MLPA vs ddPCR vs qPCR vs NGS for CNV (RUO): Technical Comparison and Decision Framework

Copy number variation (CNV) projects often go off track because teams compare platforms before they define the technical question. In research-use-only (RUO) workflows, the best method is rarely the one with the biggest platform footprint. It is the one that matches target count, output type, sample constraints, analysis burden, and the way results will move across wet lab, bioinformatics, and project management. The core split is straightforward: MLPA is designed for multiplex relative copy-number screening across many predefined loci, qPCR is usually a better fit for one or a few loci, ddPCR is strongest when absolute copy-number focus matters, and NGS becomes attractive when broader context or discovery is part of the scope.

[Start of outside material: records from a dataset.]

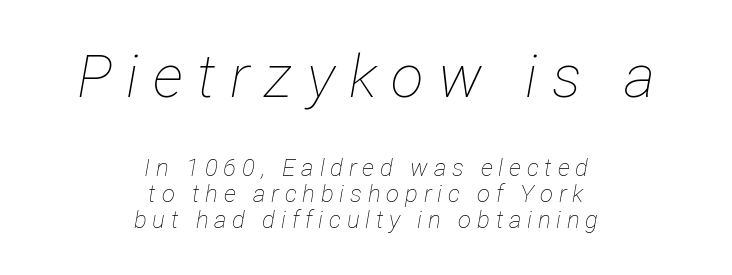
The image shows 60 px thin, condensed type, italic (leaning right); set centered, tight line spacing (1.07x), unusually wide letter spacing (+0.24 em), not underlined; the first (top) block is 2.5x larger; low stroke contrast and a medium x-height.
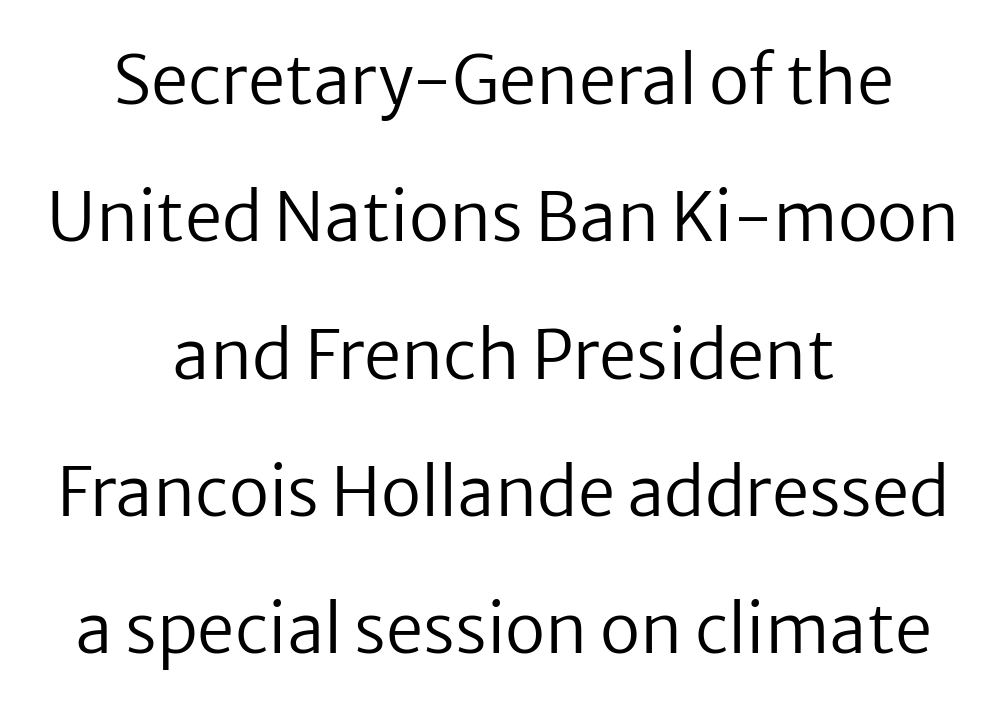
This rendering features lettering with no underline. The passage shown is typeset with a sans-serif family. The compositor balanced each line on the midline. No italicization has been applied; the sample stays upright.
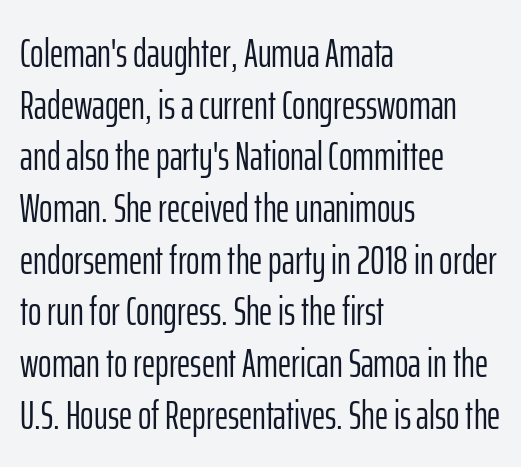
Q: Is the text bold? A: No.
Q: Is the text italic (slanted)? A: No, it is upright.
Q: Is the typeface a serif or a sans-serif typeface? A: Sans-serif.
Q: Is the text underlined? A: No.
Q: How is the paragraph aligned? A: Left-aligned.
Q: Is the spacing between letters normal or unusually wide? A: Normal.
Q: Is the spacing between lines tight, normal or loose? A: Normal.
Q: Width (condensed, normal, or wide)? A: Condensed.
Q: Stroke contrast? A: Low.
Q: x-height? A: Medium.
Q: Monospaced? A: No.
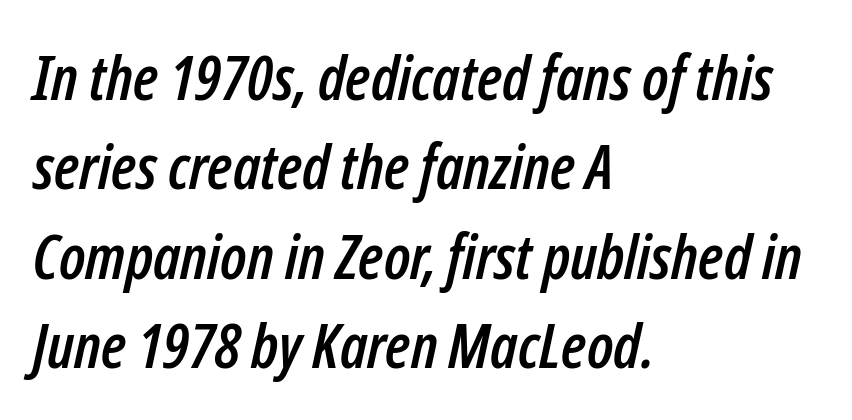
{"italic": "yes", "lean": "right", "slant_degrees": 12, "width": "condensed", "stroke_contrast": "low", "x_height": "medium", "monospaced": "no", "underline": "no", "align": "left", "line_spacing": "normal", "line_spacing_ratio": 1.44, "letter_spacing": "normal", "letter_spacing_em": 0.0, "glyph_px": 62}
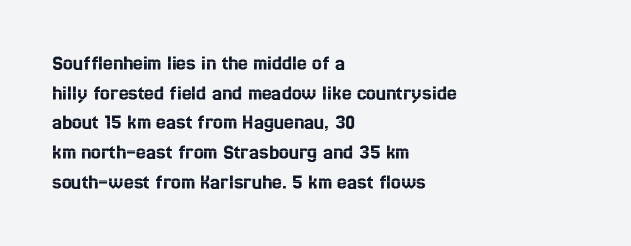
The passage shown stacks its lines at a standard gap. Look at the tracking — it's just the regular setting, nothing added. A typesetter would mark this as roman, not italic. Underlining? Definitely not there. One-word summary of the alignment: left.
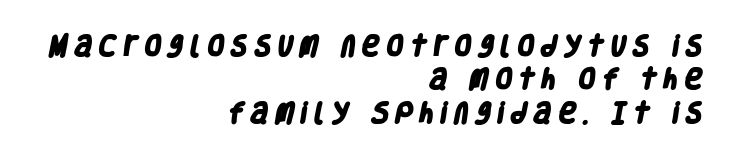
Q: Is the text bold? A: Yes.
Q: Is the text underlined? A: No.
Q: How is the paragraph aligned? A: Right-aligned.
Q: Is the spacing between letters normal or unusually wide? A: Unusually wide.
Q: Is the spacing between lines tight, normal or loose? A: Normal.
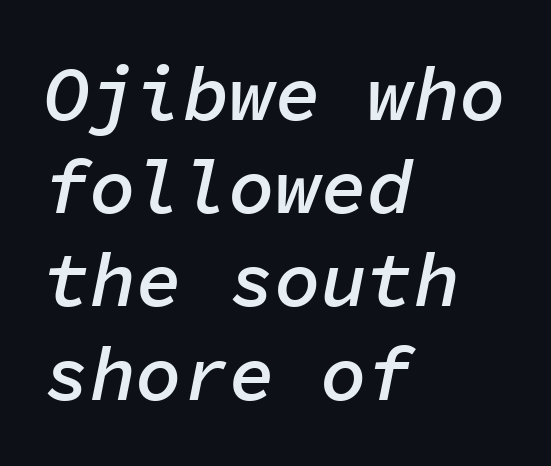
Short and long lines alike share a common starting point at left. The letterforms sit shoulder to shoulder at normal distance. Its strokes are somewhat broadened, the hallmark of semibold type. These lines are rendered in a fixed-pitch font.
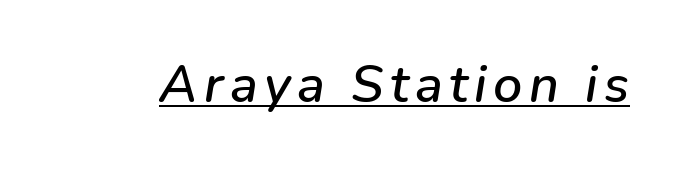
The image shows 52 px text type, italic (leaning right); set underlined; low stroke contrast and a medium x-height.
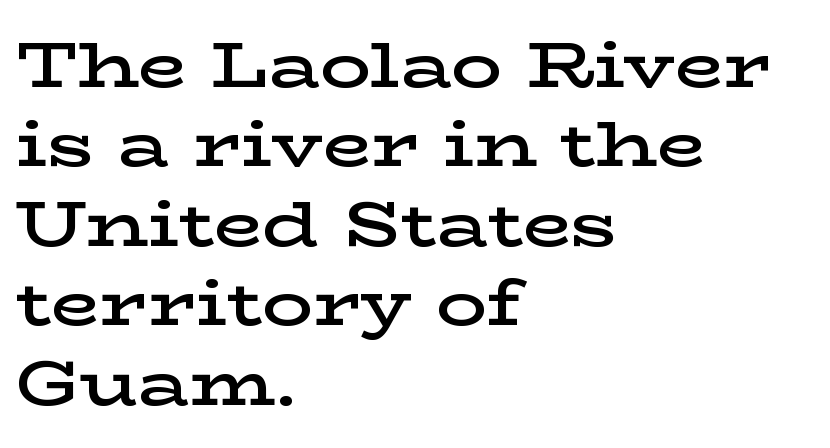
The image shows 63 px semibold, wide serif type, upright; set left-aligned, normal line spacing (1.26x), normal letter spacing, not underlined; low stroke contrast and a medium x-height.
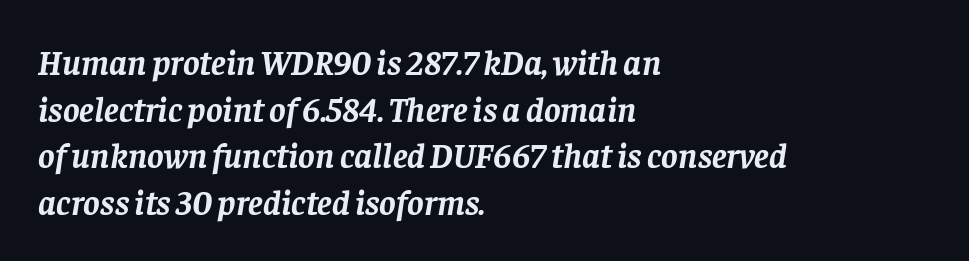
Any mark beneath the type? The region is blank. What kind of face is this? One with serifs. The passage shown is emphatically bold. The vertical gap from one line to the next is medium. Tracking value appears to be zero — textbook default spacing.
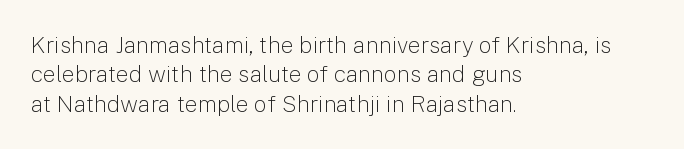
Q: Is the text bold? A: No.
Q: Is the text italic (slanted)? A: No, it is upright.
Q: Is the text underlined? A: No.
Q: How is the paragraph aligned? A: Left-aligned.
Q: Is the spacing between letters normal or unusually wide? A: Normal.
Q: Is the spacing between lines tight, normal or loose? A: Normal.
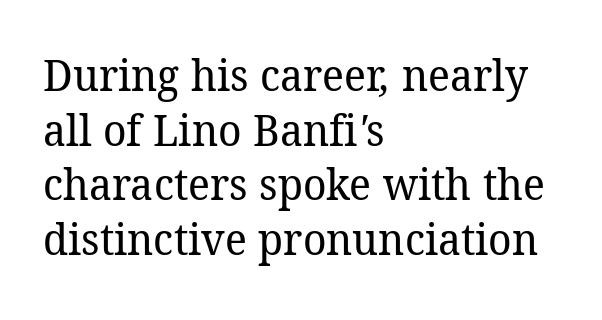
Bold? No — there's no thickening of the strokes. Varying glyph widths throughout — classic text-font behaviour. Stroke terminals: seriffed. This sample uses plain, unmodified letter spacing. The passage is arranged the way most books set body copy — flush left.
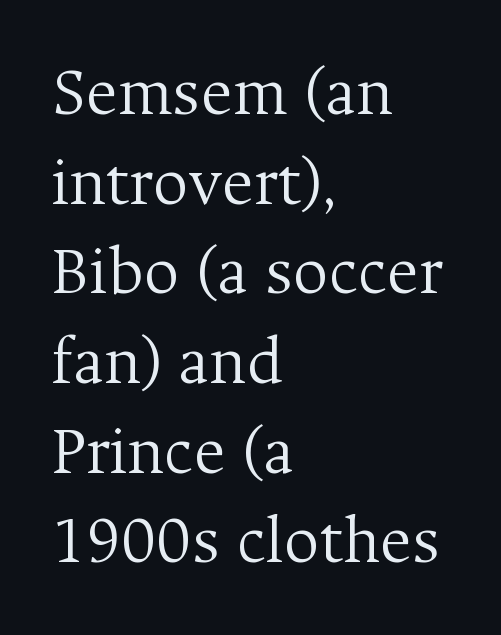
The font sits on the lighter half of the weight spectrum, regular included. Is the block centered? No — it sits flush against the left margin. Any mark beneath the type? The region is blank. This sample uses an upright cut, with every glyph sitting square on the baseline. The designer left line spacing at the default. Looks like regular typesetting: each glyph gets only the width it needs.
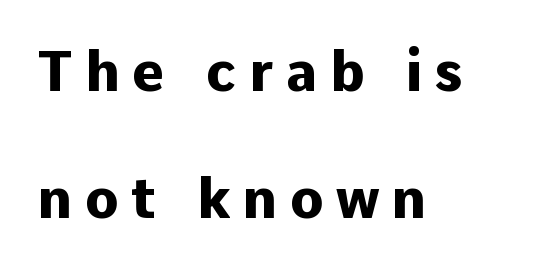
{"serif": "no", "italic": "no", "bold": "yes", "weight": "heavy", "width": "normal", "stroke_contrast": "low", "x_height": "medium", "monospaced": "no", "underline": "no", "align": "left", "line_spacing": "loose", "line_spacing_ratio": 2.31, "letter_spacing": "wide", "letter_spacing_em": 0.23, "glyph_px": 55}
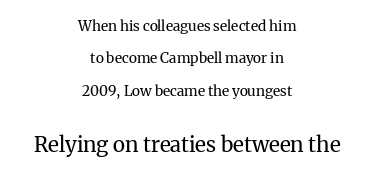
{"italic": "no", "bold": "no", "underline": "no", "align": "center", "line_spacing": "loose", "line_spacing_ratio": 2.31, "letter_spacing": "normal", "letter_spacing_em": 0.0, "larger_block": "second", "size_ratio": 1.5, "glyph_px": 21}
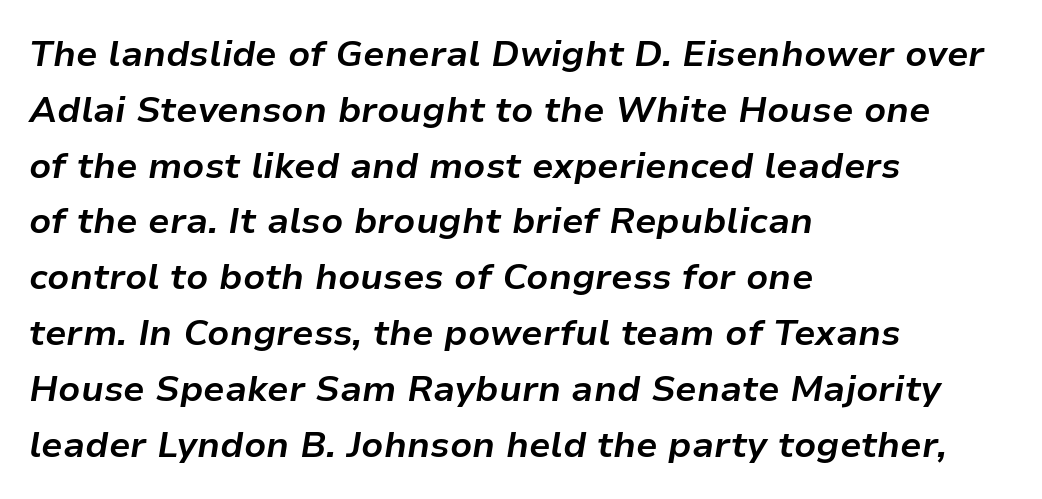
The rendering uses natural spacing where letterforms have individual widths. Is the type bold? Yes — the strokes are clearly thick and heavy. Nobody touched the tracking dial on this one. The gap between lines stays unmarked. This sample keeps an unexceptional amount of space between lines.
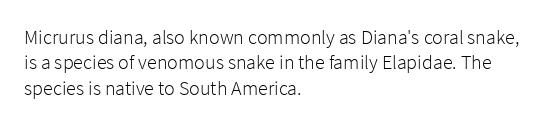
The rows are spaced the way most documents space them. Weight: in the light-to-regular range. Each word holds together tightly as a unit, with standard inter-letter gaps. Nobody drew a line under any word here.
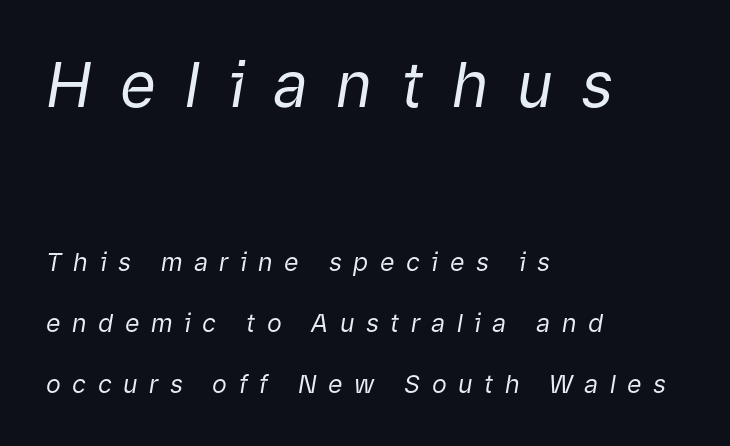
The more generous point size was reserved for the upper chunk. The passage shown is typed in a proportional face where columns would drift. Words appear elongated and porous because spacing is wide. You can tell it's italic because the verticals aren't actually vertical.
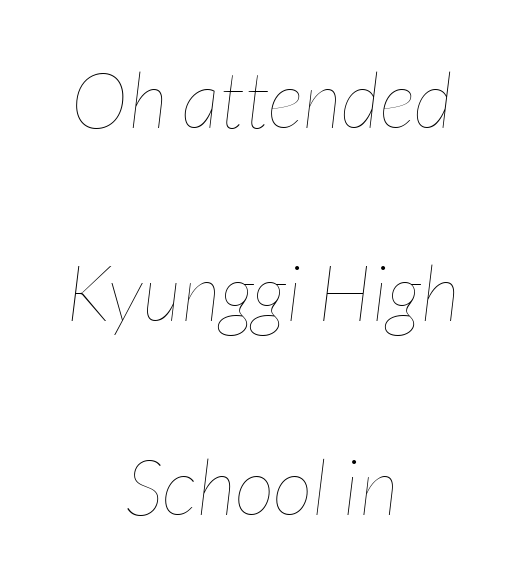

TL;DR — Choose Your CNV Method in 60 Seconds

Choose qPCR when the question is narrow, the target list is small, and a relative dosage answer is enough. qPCR remains useful for focused CNV checks, but its reproducibility depends heavily on assay design, reference choice, and transparent reporting practice.

Choose ddPCR when the project centers on absolute copy number and on distinguishing nearby copy-number states with stronger statistical separation. Partition-based digital PCR was developed for absolute DNA copy-number quantitation and is widely used when precision matters more than multiplex breadth.

Choose MLPA when you need many predefined loci in parallel, especially exon-level or region-level screening without a need for broad sequence context. The original MLPA paper demonstrated relative quantification of up to 40 sequences in one reaction, which is why MLPA still maps well to many-locus targeted CNV workflows.

Choose NGS when CNV is only one layer of a broader sequencing question, or when the project needs additional sequence context. Recent large benchmarks show that NGS-based CNV calling from targeted panels can be highly informative, but performance still depends on data context, caller choice, and parameterization.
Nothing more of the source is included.